El Oro y la Ceniza – Eliette Abécassis

Capítulo 5

¿Cómo explicarlo? La carta de Félix fue para mí como una bocanada de oxígeno que me sacó de mi sopor. Seguía ahí, vivo y coleando. Me hablaba como antes. Pronto volvería y podría verlo al menos.

Aún tenía las llaves de su apartamento. Una mañana, por curiosidad, por ociosidad o por distraerme, decidí ir a su casa.

Al principio no noté nada especial. Su sala de estar en desorden conservaba las marcas de la vida de soltero: los puros a medio consumir se acumulaban en los ceniceros, la cama estaba deshecha, un ovillo desmadejado de ropa yacía sobre la cómoda.

Cerca de su escritorio, no obstante, me llamaron la atención una serie de cintas de audio. Eran de entrevistas con Wilheim Rege, el historiador alemán.

Rege era un discípulo de Heidegger que pretendía tener una «visión filosófica» de la historia. En realidad, lo que hacía era desviar la atención de la barbarie alemana, comparándola con los crímenes de los franceses, de los estadounidenses y de otros pueblos de todo el mundo. Además, identificaba constantemente al Partido Comunista con los judíos.

El era, como había explicado yo a Félix, el autor de un «alegato para la historización de la Shoah». ¿Por qué un alegato? ¿Contra quién lo había escrito? ¿Quién ve ese período demasiado en «blanco y negro», según su expresión? ¿De quién puede tratarse si no de los judíos? Me encantaría hacerle confesar lo que en el fondo se propone…

No es fácil ser los descendientes de quienes perpetraron la Shoah, decía Félix. Los alemanes tenían que vivir con aquella historia que ya no les pertenecía, puesto que se había convertido para el mundo entero en símbolo de la mayor depravación de la humanidad. Y ahora resultaba que querían desempeñar un papel importante en ese mundo para el cual eran el símbolo del Mal. ¿Cómo se podía conjugar aquello? ¿Cómo se podía firmar «la paz con la propia historia», cimentar un pueblo en torno a una identidad nacional tan problemática? Por fortuna, existían los historiadores, decía Félix. Los primeros que antes se habían apresurado a poner de relieve la especificidad de la Shoah volvían ahora la atención hacia lo que denominaban «la historización del nacionalsocialismo». Detrás de aquella pomposa fórmula se ocultaba la idea de que había que resaltar, más que las rupturas, las continuidades existentes entre la Alemania nazi y la Alemania posterior a la Shoah. Uno de sus ejemplos era el desarrollo de la política social del nacionalsocialismo, del que, según ellos, nació el concepto de seguridad social que aplicaría la República Federal en los años cincuenta: de este modo los fundamentos ideológicos del estado del bienestar hundían sus raíces en «el nacionalsocialismo».
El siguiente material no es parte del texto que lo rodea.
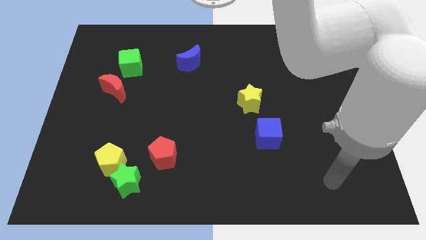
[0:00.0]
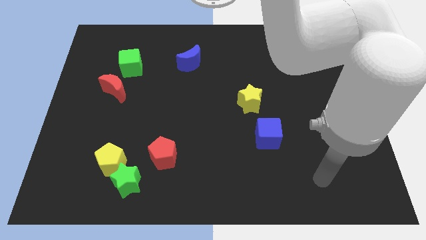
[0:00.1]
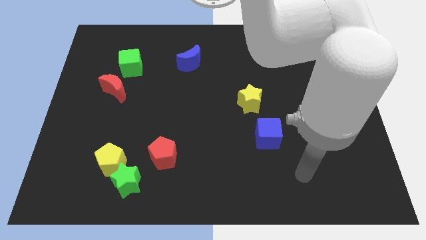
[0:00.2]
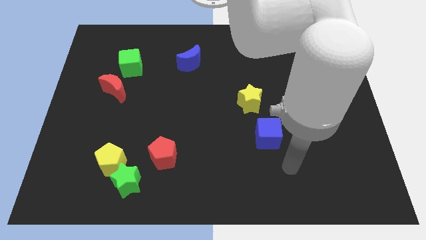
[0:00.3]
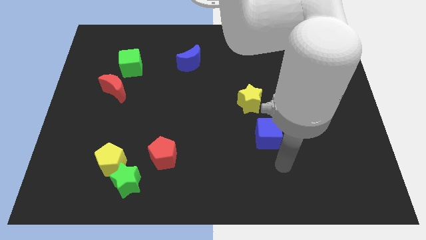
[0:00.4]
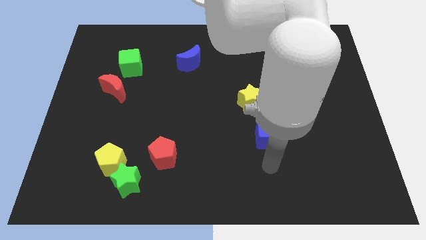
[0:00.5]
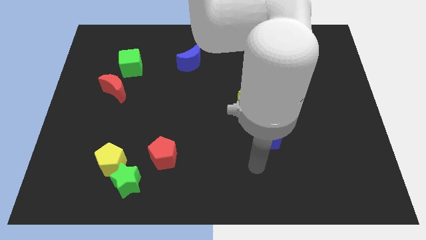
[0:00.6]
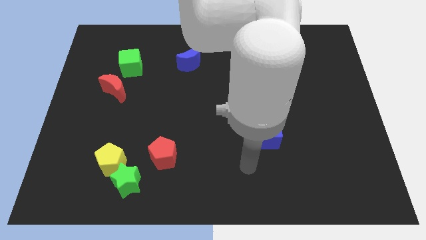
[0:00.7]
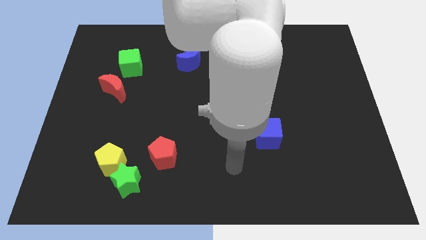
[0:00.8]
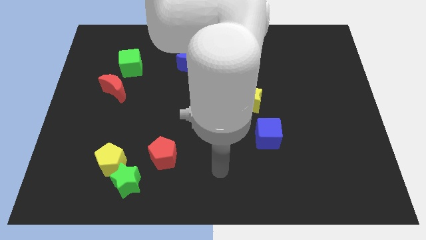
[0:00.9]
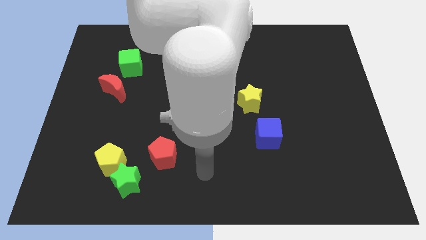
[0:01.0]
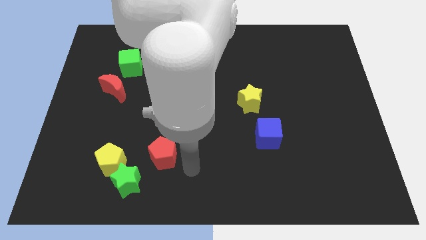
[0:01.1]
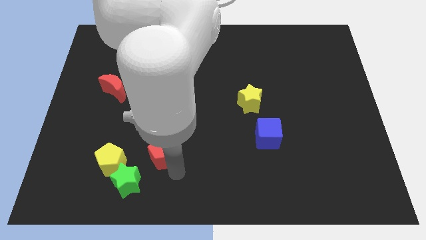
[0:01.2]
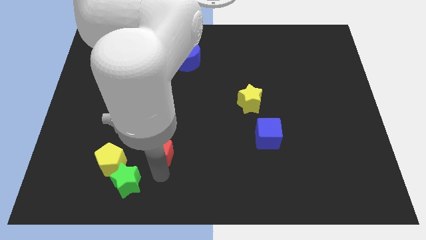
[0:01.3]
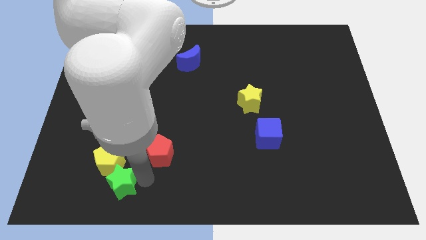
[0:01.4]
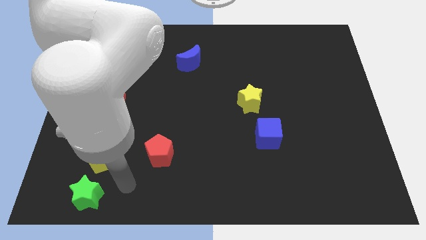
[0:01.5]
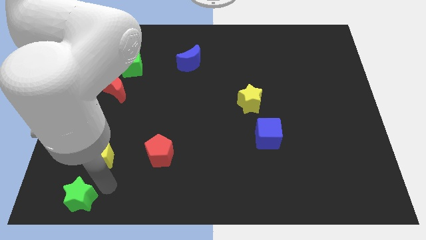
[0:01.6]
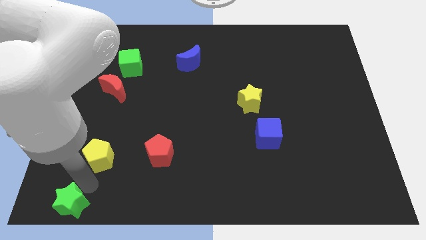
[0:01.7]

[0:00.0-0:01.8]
separate the yellow pentagon from the green star

La nueva historia alemana presentaba el nazismo como una respuesta a los cambios estructurales y a la modernización de la sociedad alemana, favorecida por diversas «reformas sociales negligidas durante la República de Weimar». Frente a esos adelantos históricos, argumentaban, el espíritu racista de la Solución Final no tenía tanta importancia como se había querido hacer creer.

Lo más curioso era que quienes habían contribuido en los años sesenta a la formulación de la teoría de la centralidad de la política antijudía y la especificidad de la Solución Final cambiaban de chaqueta y se ponían a realizar una crítica activa de esta visión; sostenían que el nacionalsocialismo era una reacción contra el bolchevismo. Retomando el concepto de «banalidad del mal», excluían el papel decisivo que tuvo la ideología de Hitler en la destrucción de los judíos de Europa. Algunos llegaban incluso a decir que Hitler había percibido la cuestión judía en «un contexto visionario», en términos de propaganda, y que no había depositado ningún interés personal en el desarrollo de las distintas etapas de la política antijudía.
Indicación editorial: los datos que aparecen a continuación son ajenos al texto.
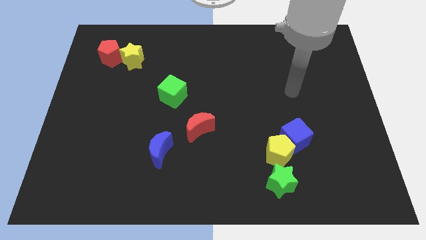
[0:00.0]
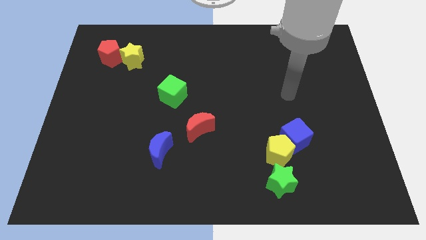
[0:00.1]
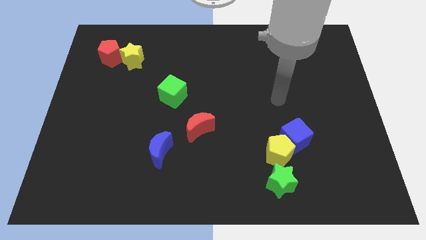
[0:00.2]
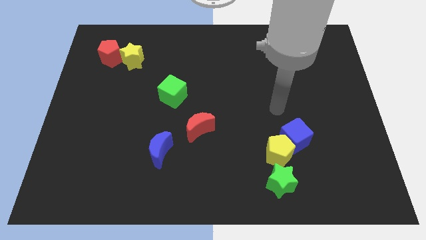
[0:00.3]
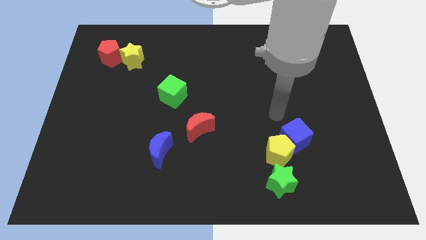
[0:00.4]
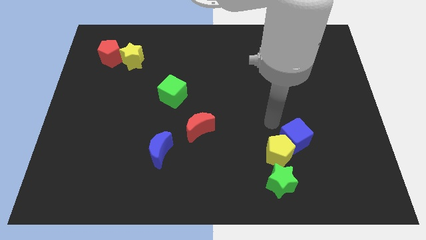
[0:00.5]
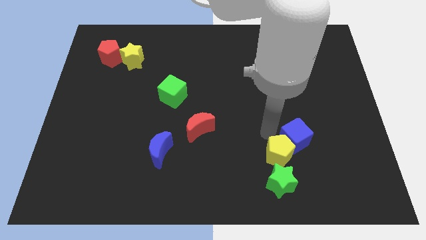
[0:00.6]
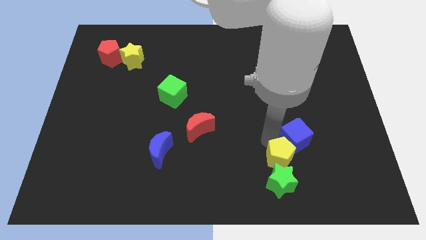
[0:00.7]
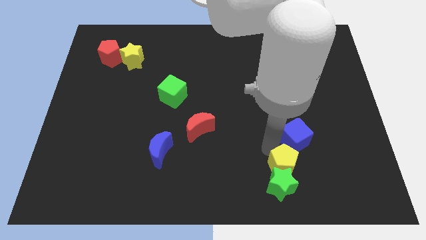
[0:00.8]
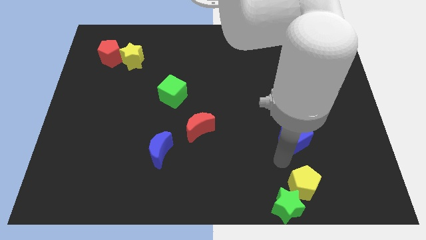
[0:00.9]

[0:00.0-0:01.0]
pull the blue cube apart from the yellow pentagon

–Hay que llevar a cabo -decía Rege en la cinta grabada por Félix- un reajuste de las mentalidades de los perseguidores y los perseguidos, que son a la vez víctimas y culpables. No olvide la labor que realizaban en Europa del Este los consejos judíos, los Judenräte, que a menudo se comportaban como verdugos con respecto a sus hermanos judíos.

–Sí -respondió Félix-. La cuestión de los Judenräte se ha convertido en tabú precisamente por la negativa a reconocer algo que es, sin embargo, cierto: las fronteras entre víctima y verdugo no son tan nítidas como parece.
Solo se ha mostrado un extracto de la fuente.